Fortunately, it is the area of a triangle. The base of the triangle is t and the height is v = 2t. The area agrees with ƒ(t):
area = ½(base)(height) = ½(t)(2t) = t². (4)
EXAMPLE 1 The graphs are shifted in time. The car doesn't start until t = 1. Therefore v=0 and ƒ=0 up to that time. After the car starts we have v = 2(t−1) and ƒ = (t−1)². You see how the time delay of 1 enters the formulas. Figure 1.13 shows how it affects the graphs.
[Fig. 1.13]
EXAMPLE 2 The acceleration changes from 2 to another constant a. The velocity changes from v = 2t to v = at. The acceleration is the slope of the velocity curve! The distance is also proportional to a, but notice the factor ½:
acceleration a ⇔ velocity v = at ⇔ distance ƒ = ½at².
If a equals 1, then v = t and ƒ = ½t². That is one of the most famous pairs in calculus. If a equals the gravitational constant g, then v = gt is the velocity of a falling body. The speed doesn't depend on the mass (tested by Galileo at the Leaning Tower of Pisa). Maybe he saw the distance ƒ = ½gt² more easily than the speed v = gt. Anyway, this is the most famous pair in physics.
EXAMPLE 3 Suppose ƒ(t) = 3t + t². The average velocity from t to t + h is
vave = {ƒ(t+h) − ƒ(t)} ⁄ h = {3(t+h) + (t+h)² − 3t − t²} ⁄ h.
The change in distance has an extra 3h (coming from 3(t+h) minus 3t). The velocity contains an additional 3 (coming from 3h divided by h). When 3t is added to the distance, 3 is added to the velocity. If Galileo had thrown a weight instead of dropping it, the starting velocity v0 would have added v0t to the distance.
The idea of slope is not difficult—for one straight line. Divide the change in ƒ by the change in t. In Chapter 2, divide the change in y by the change in x. Experience shows that the hard part is to see what happens to the slope as the line moves.
Figure 1.14a shows the line between points A and B on the curve. This is a "secant line." Its slope is an average velocity. What calculus does is to bring that point B down the curve toward A.
[Fig. 1.14]
Question 1 What happens to the "change in ƒ"—the height of B above A?
Answer The change in ƒ decreases to zero. So does the change in t.
Question 2 As B approaches A, does the slope of the line increase or decrease?
Answer I am not going to answer that question. It is too important. Draw another secant line with B closer to A. Compare the slopes.
This question was created by Steve Monk at the University of Washington—where 57% of the class gave the right answer. Probably 97% would have found the right slope from a formula. Figure 1.14b shows the opposite problem. We know the velocity, not the distance. But calculus answers questions about both functions.
Question 3 Which car is going faster at time t = 3/4?
Answer Car C has higher speed. Car D has greater acceleration.
Question 4 If the cars start together, is D catching up to C at the end? Between t = ½ and t = 1, do the cars get closer or further apart?

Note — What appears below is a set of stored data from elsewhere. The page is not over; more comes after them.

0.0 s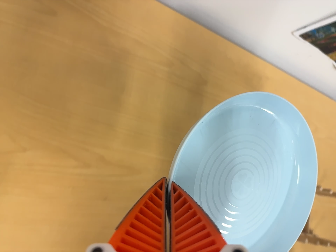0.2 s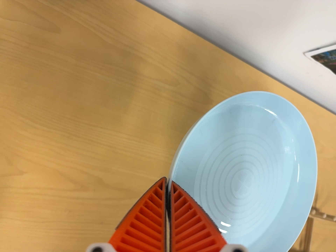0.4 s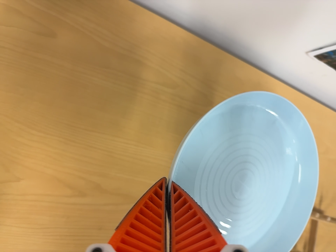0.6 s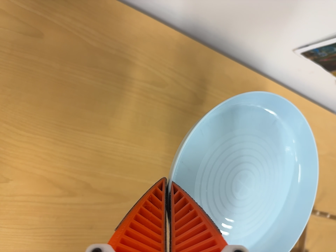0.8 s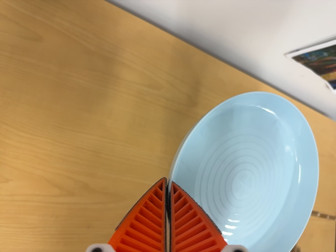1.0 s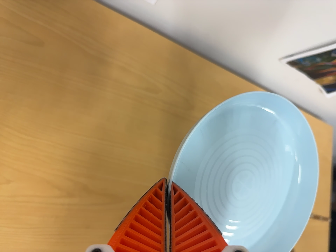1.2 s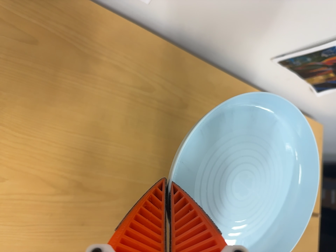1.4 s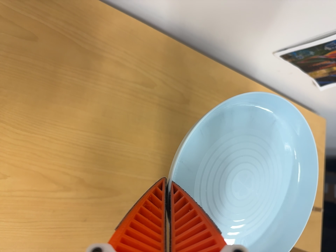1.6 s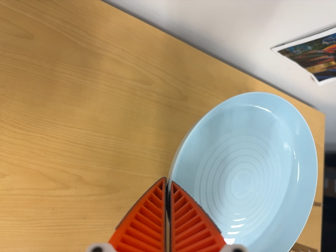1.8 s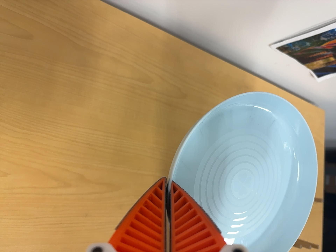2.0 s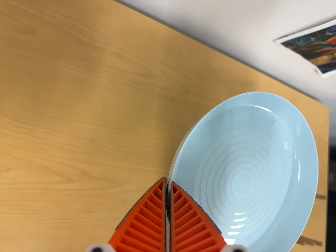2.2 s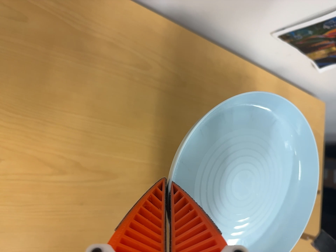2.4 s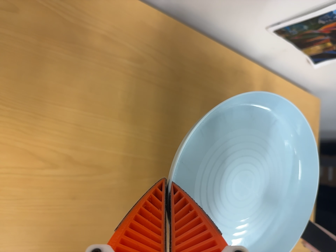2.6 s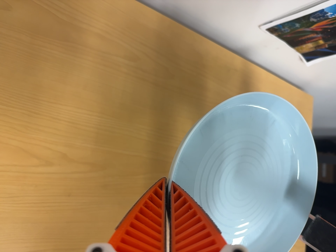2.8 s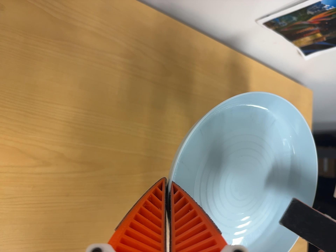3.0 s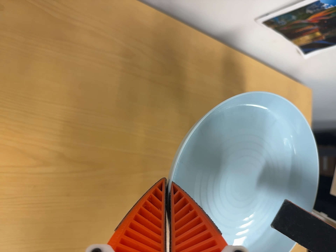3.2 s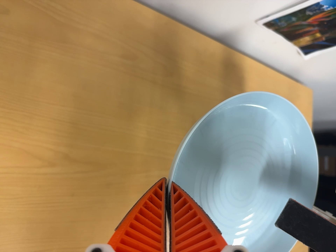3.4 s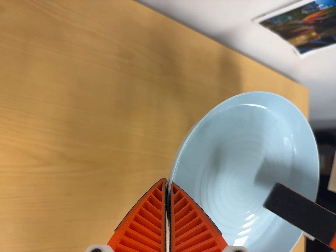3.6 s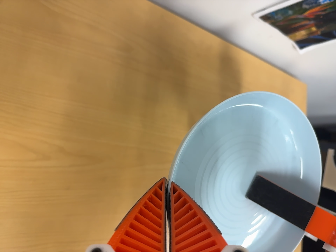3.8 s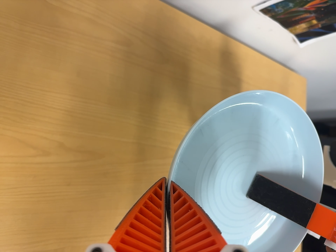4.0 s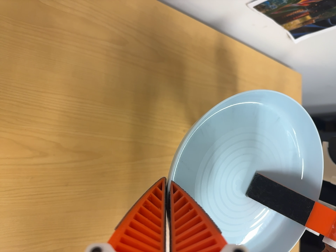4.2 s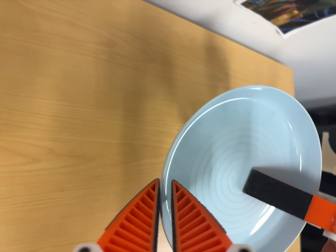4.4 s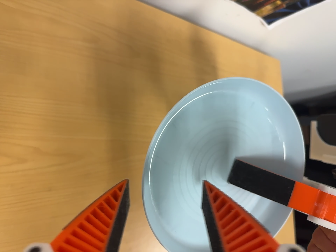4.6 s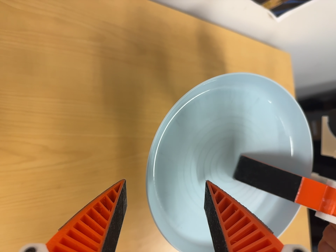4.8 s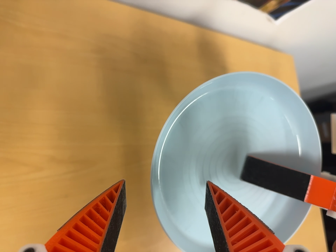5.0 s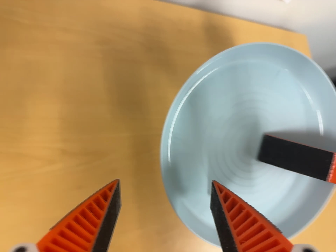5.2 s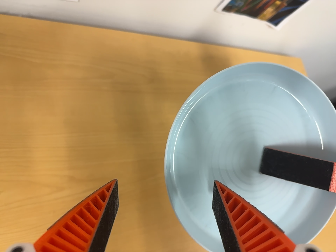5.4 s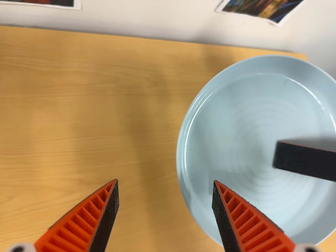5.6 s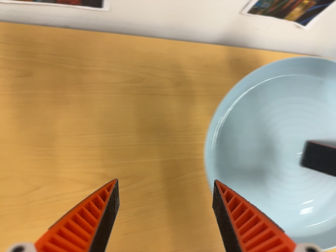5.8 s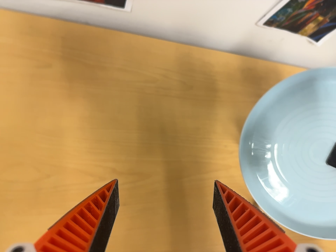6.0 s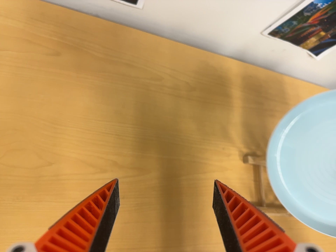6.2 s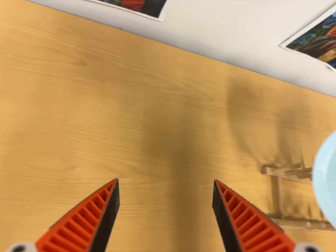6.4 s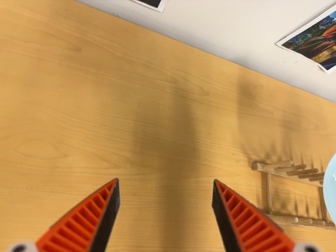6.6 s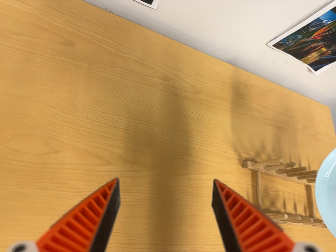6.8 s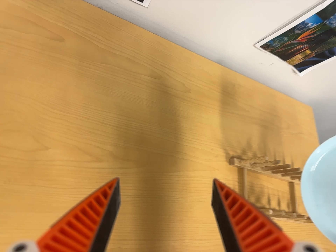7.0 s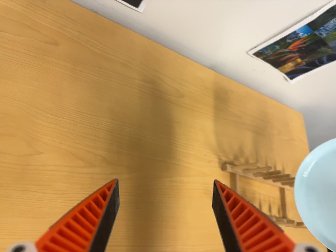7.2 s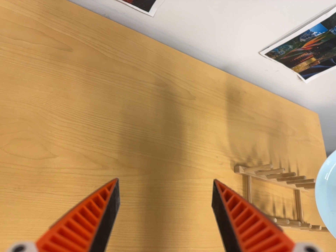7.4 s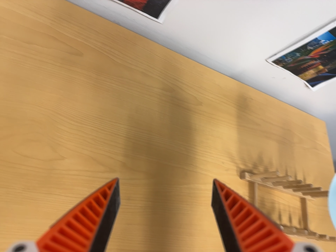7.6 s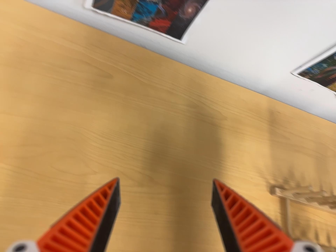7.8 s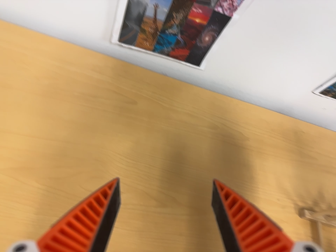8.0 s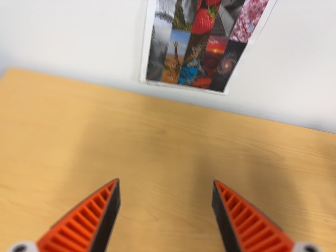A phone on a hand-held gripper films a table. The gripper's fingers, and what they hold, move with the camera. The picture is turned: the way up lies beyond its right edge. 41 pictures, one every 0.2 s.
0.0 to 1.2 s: The camera travels toward the top of its view, about 5 cm, so close, fixed things drift downward.
1.2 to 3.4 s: The camera shifts only a little, or ends up much as it began.
3.4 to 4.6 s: The camera rolls about its line of sight by about 10 degrees, and the scene rotates counterclockwise.
4.6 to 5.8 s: The camera pans to its left by about 15 degrees. It travels toward the bottom of its view, about 6 cm. Its aim tips toward the top of its view by about 10 degrees.
5.8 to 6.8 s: The camera travels to its left, about 7 cm. It rolls about its line of sight by about 10 degrees, and the scene rotates clockwise.
6.8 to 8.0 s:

Answer This time more than half the class got it wrong. You won't but you can see why they did. You have to look at the speed graph and imagine the distance graph. When car C is going faster, the distance between them .
To repeat: The cars start together, but they don't finish together. They reach the same speed at t = 1, not the same distance. Car C went faster. You really should draw their distance graphs, to see how they bend.
These problems help to emphasize one more point. Finding the speed (or slope) is entirely different from finding the distance (or area):
A short record of distance is enough to recover v(t). Point B moves toward point A. The problem of slope is local—the speed is completely decided by ƒ(t) near point A.
In contrast, a short record of speed is not enough to recover the total distance. We have to know what the mileage was earlier. Otherwise we can only know the increase in mileage, not the total.